** Opening Records for the exercise block **

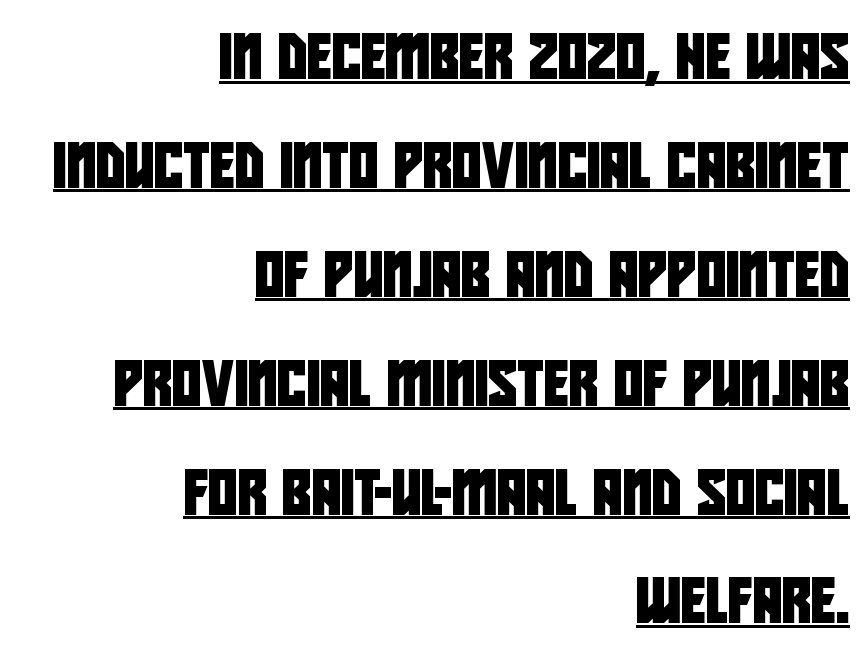
Q: Is the typeface a serif or a sans-serif typeface? A: Sans-serif.
Q: Is the text underlined? A: Yes.
Q: How is the paragraph aligned? A: Right-aligned.
Q: Is the spacing between letters normal or unusually wide? A: Normal.
Q: Is the spacing between lines tight, normal or loose? A: Loose.
Q: Width (condensed, normal, or wide)? A: Condensed.
Q: Stroke contrast? A: Low.
Q: x-height? A: Large.
Q: Monospaced? A: No.
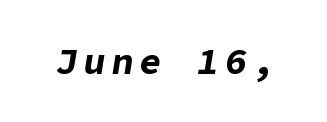
Q: Is the text bold? A: Yes.
Q: Is the text italic (slanted)? A: Yes, it leans right by about 9 degrees.
Q: Is the text underlined? A: No.
Q: Width (condensed, normal, or wide)? A: Normal.
Q: Stroke contrast? A: Low.
Q: x-height? A: Medium.
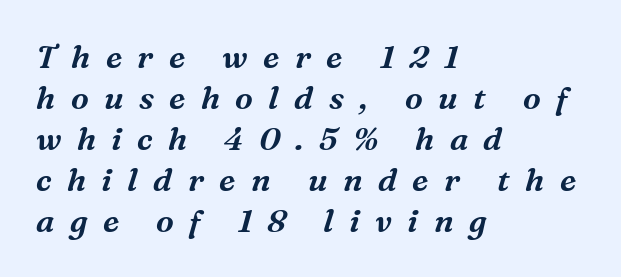
Q: Is the text italic (slanted)? A: Yes, it leans right by about 16 degrees.
Q: Is the typeface a serif or a sans-serif typeface? A: Serif.
Q: Is the text underlined? A: No.
Q: How is the paragraph aligned? A: Left-aligned.
Q: Is the spacing between letters normal or unusually wide? A: Unusually wide.
Q: Is the spacing between lines tight, normal or loose? A: Normal.
Q: Width (condensed, normal, or wide)? A: Normal.
Q: Stroke contrast? A: Medium.
Q: x-height? A: Medium.
Q: Monospaced? A: No.
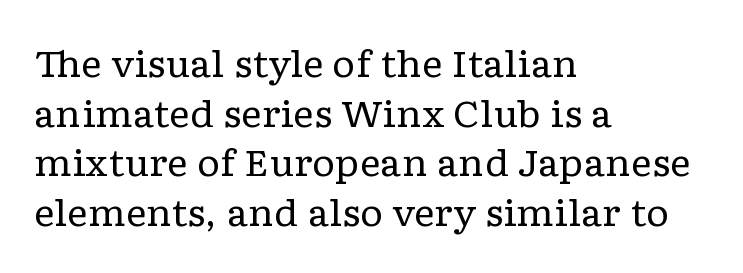
The image shows 36 px regular-weight, wide serif type, upright; set left-aligned, normal line spacing (1.38x), normal letter spacing, not underlined; low stroke contrast and a medium x-height.
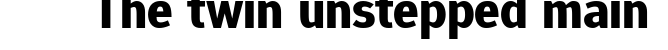
{"serif": "no", "italic": "no", "bold": "yes", "weight": "bold", "width": "normal", "stroke_contrast": "low", "x_height": "medium", "monospaced": "no", "underline": "no", "letter_spacing": "normal", "letter_spacing_em": 0.0, "glyph_px": 53}

** Closing Records for the exercise block **

> Directions for this task
Your task is to set down the records shown above exactly, minus any pictures.

> Result of the task
Q: Is the typeface a serif or a sans-serif typeface? A: Sans-serif.
Q: Is the text underlined? A: Yes.
Q: How is the paragraph aligned? A: Right-aligned.
Q: Is the spacing between letters normal or unusually wide? A: Normal.
Q: Is the spacing between lines tight, normal or loose? A: Loose.
Q: Width (condensed, normal, or wide)? A: Condensed.
Q: Stroke contrast? A: Low.
Q: x-height? A: Large.
Q: Monospaced? A: No.
Q: Is the text bold? A: Yes.
Q: Is the text italic (slanted)? A: Yes, it leans right by about 9 degrees.
Q: Is the text underlined? A: No.
Q: Width (condensed, normal, or wide)? A: Normal.
Q: Stroke contrast? A: Low.
Q: x-height? A: Medium.
Q: Is the text italic (slanted)? A: Yes, it leans right by about 16 degrees.
Q: Is the typeface a serif or a sans-serif typeface? A: Serif.
Q: Is the text underlined? A: No.
Q: How is the paragraph aligned? A: Left-aligned.
Q: Is the spacing between letters normal or unusually wide? A: Unusually wide.
Q: Is the spacing between lines tight, normal or loose? A: Normal.
Q: Width (condensed, normal, or wide)? A: Normal.
Q: Stroke contrast? A: Medium.
Q: x-height? A: Medium.
Q: Monospaced? A: No.
The image shows 36 px regular-weight, wide serif type, upright; set left-aligned, normal line spacing (1.38x), normal letter spacing, not underlined; low stroke contrast and a medium x-height.
{"serif": "no", "italic": "no", "bold": "yes", "weight": "bold", "width": "normal", "stroke_contrast": "low", "x_height": "medium", "monospaced": "no", "underline": "no", "letter_spacing": "normal", "letter_spacing_em": 0.0, "glyph_px": 53}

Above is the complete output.